# ETL approved



## wildleg (Apr 12, 2009)

it is around here if it has "US" next to "ETL"


----------



## Dennis Alwon (May 9, 2009)

NC has a list a testing laboratories which are accepted. I am quite sure that ETL would be on most if not all state lists.

http://www.nciaei.org/section/pdfs/ThirdPartyAg.pdf


----------



## Chris1971 (Dec 27, 2010)

Dennis Alwon said:


> NC has a list a testing laboratories which are accepted. I am quite sure that ETL would be on most if not all state lists.
> 
> http://www.nciaei.org/section/pdfs/ThirdPartyAg.pdf


Thanks. I'm having a difficult time finding where Minnesota accepts ETL as a valid organization for listing and approval. Any ideas?


----------



## Chris1971 (Dec 27, 2010)

Found it. ETL is a NRTL according to OSHA which is the guideline Minnesota uses.


----------



## Dennis Alwon (May 9, 2009)

Chris1971 said:


> Found it. ETL is a NRTL according to OSHA which is the guideline Minnesota uses.
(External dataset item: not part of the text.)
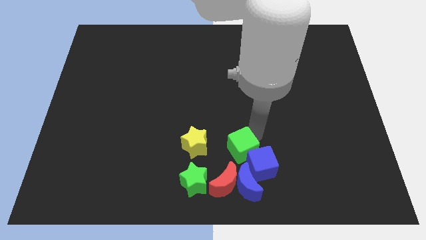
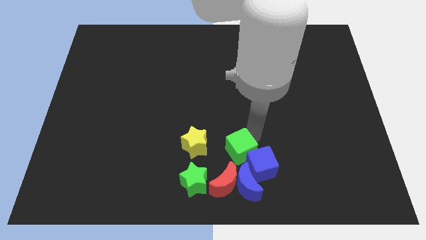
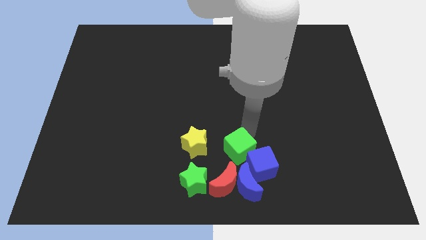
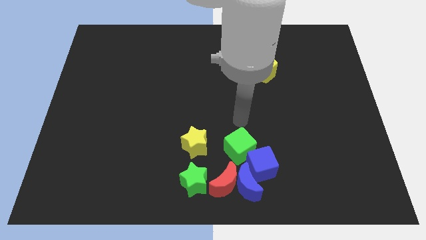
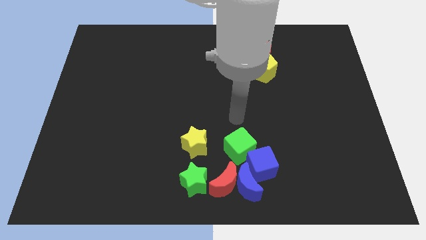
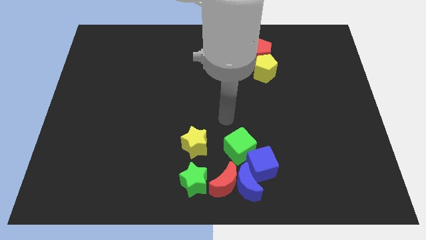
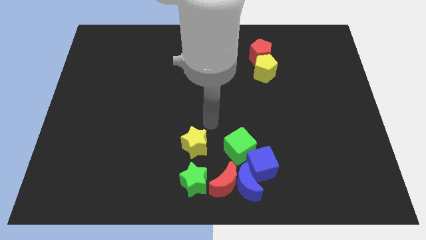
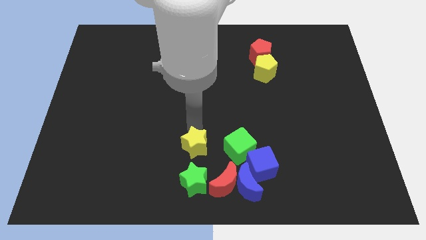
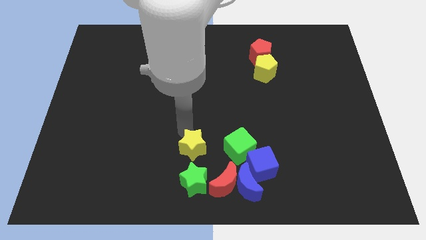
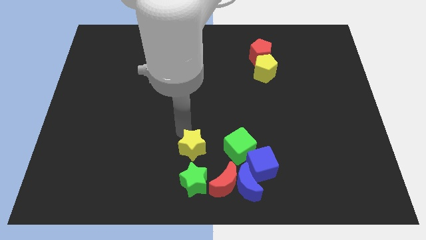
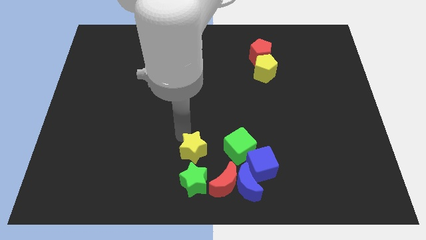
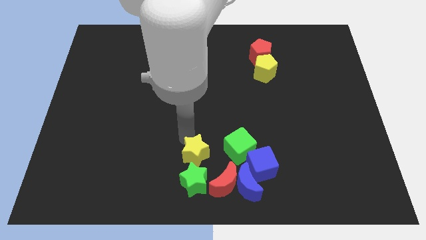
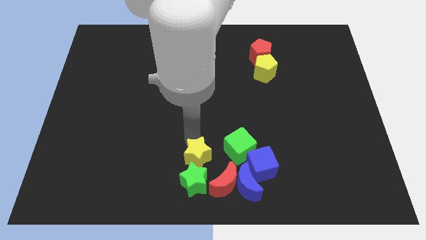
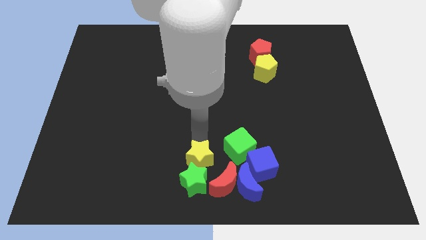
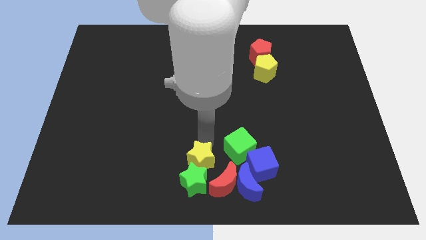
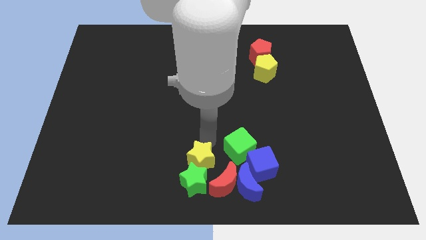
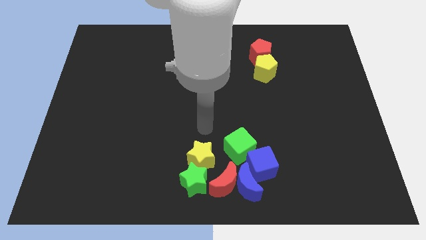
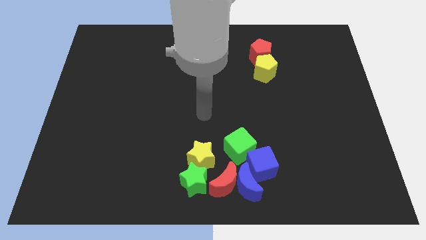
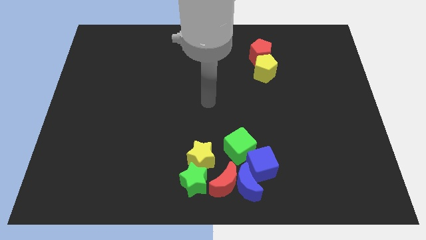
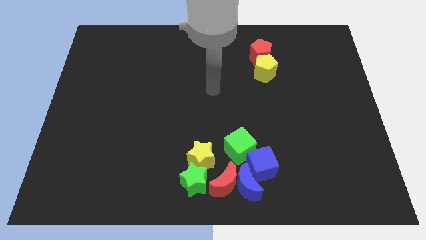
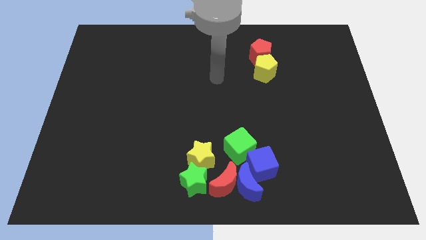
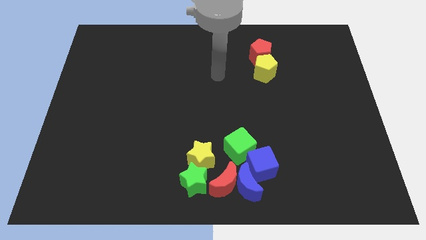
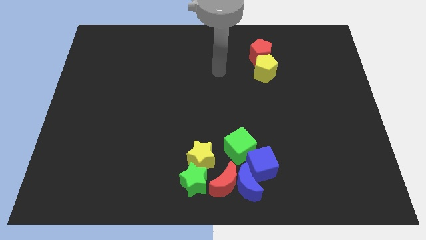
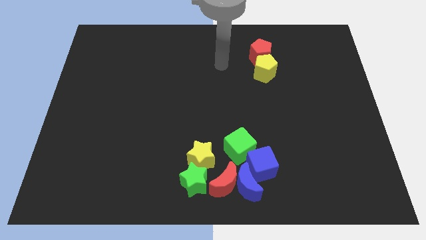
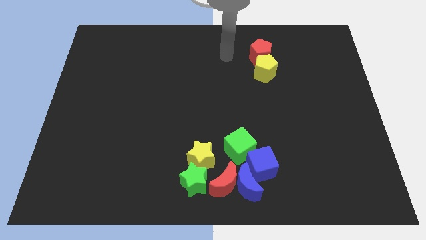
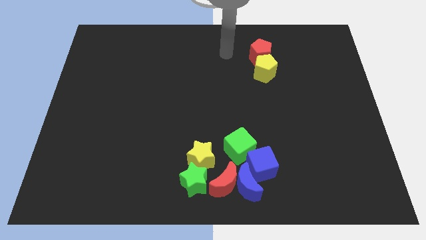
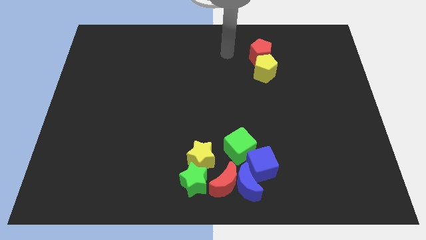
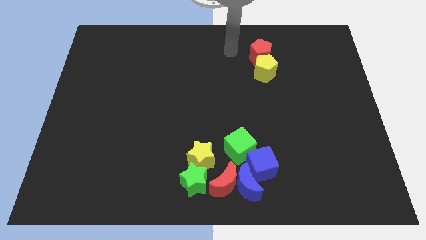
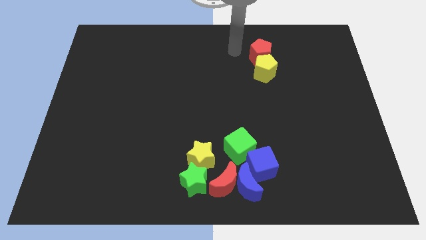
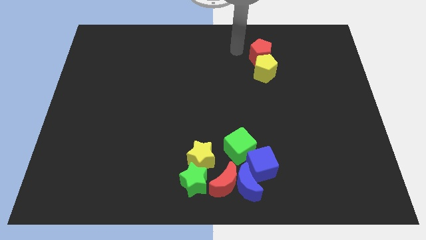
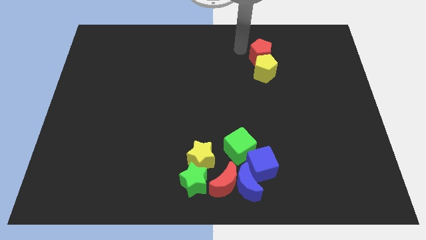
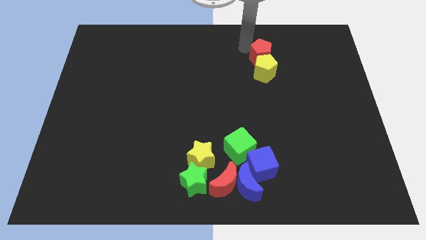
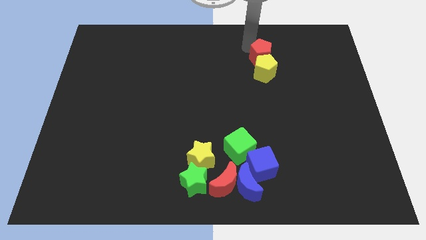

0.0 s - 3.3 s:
move the yellow star right above the green star

NRTL means Nationally Recognized Testing Laboratory and ETL is one of many. UIL & ETL are pretty common labs


----------



## JRaef (Mar 23, 2009)

Just to avoid the confusion, that list is a little out of date. ETL is now part of (and the label used by) Intertek, who also bought Entela on that list and I think another one or two smaller labs.

Most states now no longer want to be list maintenance people so they just refer back to the OSHA list of NRTLs.

http://www.osha.gov/dts/otpca/nrtl/


----------